The case also should not be overgeneralized. Thrive Holdings has an ownership-and-operations structure that let OpenAI connect product development closely to real services. Crete practitioners performed repeated work and could provide high-quality feedback. Many companies do not have that level of domain access, data rights, evaluation infrastructure, or engineering time.

So the conclusion is not "all work can now improve itself." A more accurate conclusion is that agent products which appear to improve themselves usually have a very human operating system behind the scenes.

A checklist for product and engineering teams

The questions for AI builders are fairly direct.

First, are user corrections structured? Saving only "the user edited the output" is different from saving the expected value, actual value, final value, source document, workflow stage, and candidate reason for the correction. The second version is where an improvement loop starts.

Second, can the team separate product noise from true failures? If every difference is treated as an error, the agent will optimize toward the wrong target. In tax preparation, prior-year values, practitioner judgment, and unsupported fields can all appear as differences. In software products, flaky tests, temporary operational workarounds, and undocumented customer exceptions play a similar role.

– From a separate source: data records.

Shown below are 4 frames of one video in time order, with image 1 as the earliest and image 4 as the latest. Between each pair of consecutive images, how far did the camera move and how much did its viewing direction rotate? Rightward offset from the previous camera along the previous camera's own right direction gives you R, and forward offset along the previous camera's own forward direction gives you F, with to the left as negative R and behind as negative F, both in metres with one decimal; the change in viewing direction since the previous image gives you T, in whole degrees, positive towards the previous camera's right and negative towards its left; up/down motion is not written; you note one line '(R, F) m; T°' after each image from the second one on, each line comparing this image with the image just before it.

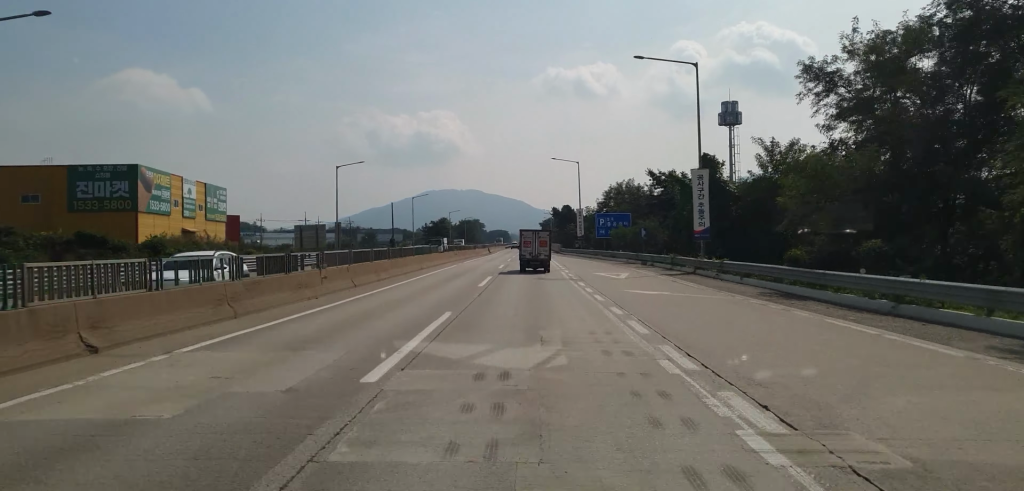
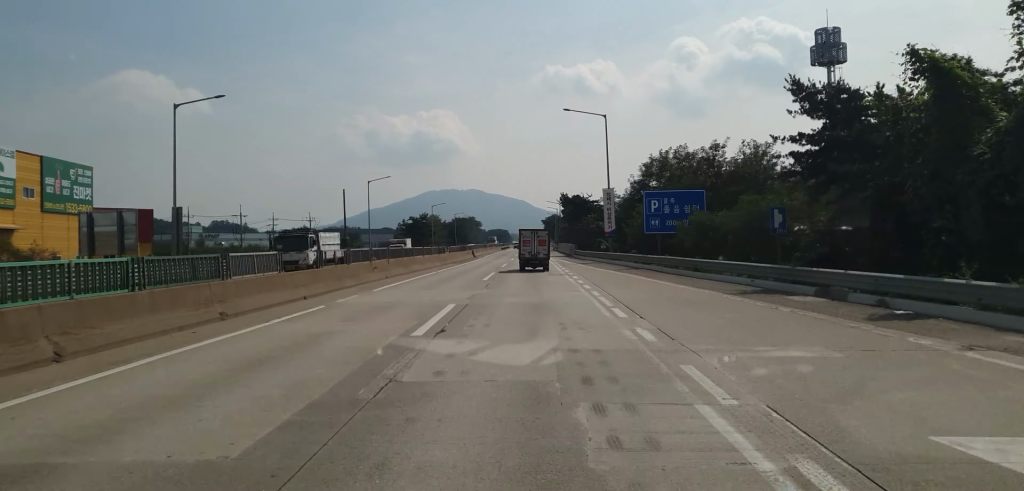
(-0.3, +36.8) m; -1°
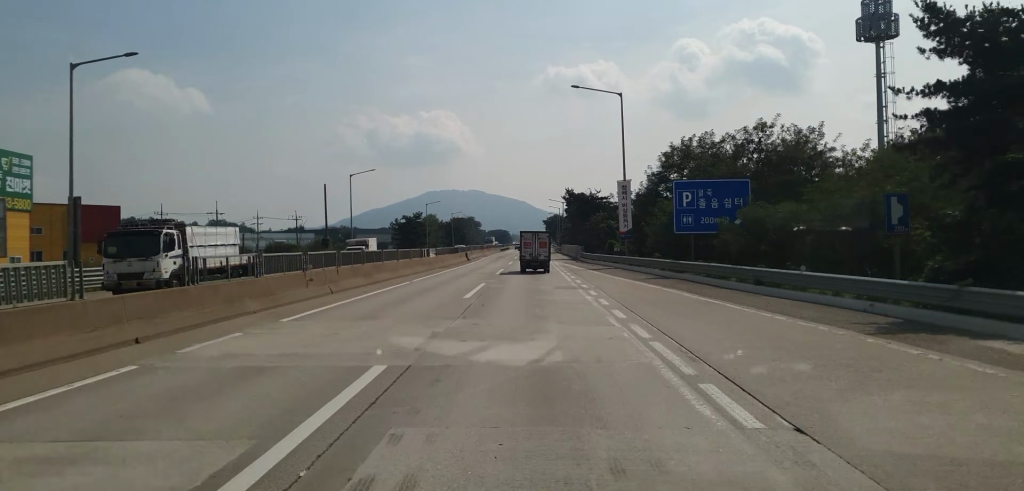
(-0.2, +10.1) m; 0°
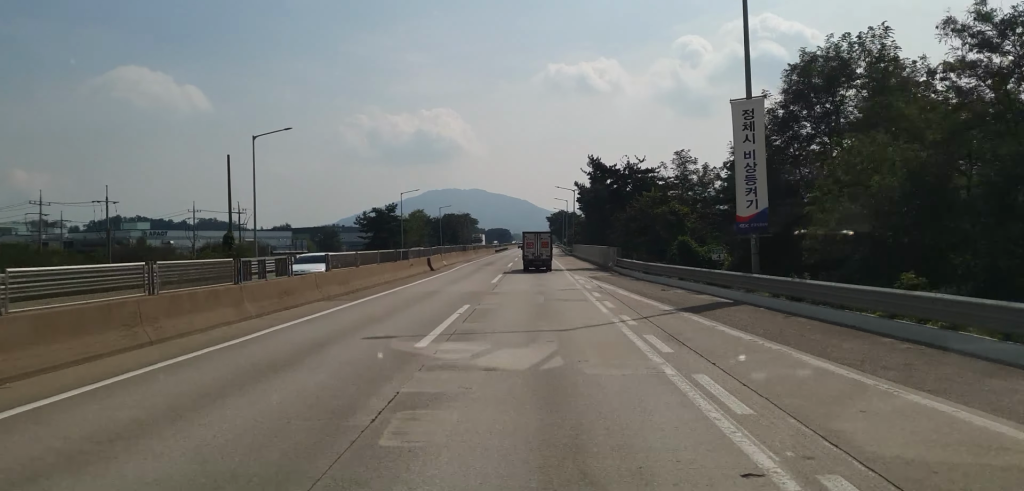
(+0.6, +31.4) m; 0°

Third, is someone converting repeated patterns into evals? Good evals do not appear automatically. Someone has to group failures, choose representative cases, define expected output, and set success criteria. Codex is most useful when that boundary already exists.

Fourth, does the agent environment separate read-only evidence from writable code? Without that separation, debugging may feel easier in the short term, but auditability and reproducibility degrade quickly.

Fifth, is there a regression suite that catches new damage after a targeted fix? In the Tax AI case, the broader regression suite is as important as the targeted eval. Fixing one field while breaking another schedule is not self-improvement. It is local optimization.

The signal that will last

Near the end of OpenAI's post, one senior accountant says last year's preparation work took 180 hours, while this year it took 15. That is the headline number. The longer-lasting signal is that the reduction did not come from a lone model call. It came from a system that turns practitioner feedback into evaluable work.

The AI-agent market is moving from "what can the agent do?" to "how does the agent get better?" The first question can be answered in a demo. The second can only be answered by an operating system: production traces, domain experts, eval sets, bounded Codex tasks, and human verification.

That shift will likely change how coding agents are evaluated as well. Longer context windows, faster models, and more tool calls still matter. But enterprises will ask drier questions. Can we give this agent our product failures in a format it understands? Can we measure whether corrections repeat? Does the cost of turning a failure into an eval go down? Can we trust the validation loop around the change Codex proposes?

OpenAI's Tax AI case is optimistic, but it is also demanding. It shows that agents can improve within a real product loop, but the loop is not automatic. It depends on human corrections, product evidence, explicit eval targets, and engineering boundaries. The core capability behind a self-improving agent is not the agent alone. It is the organization's ability to format failure so the agent can learn from it.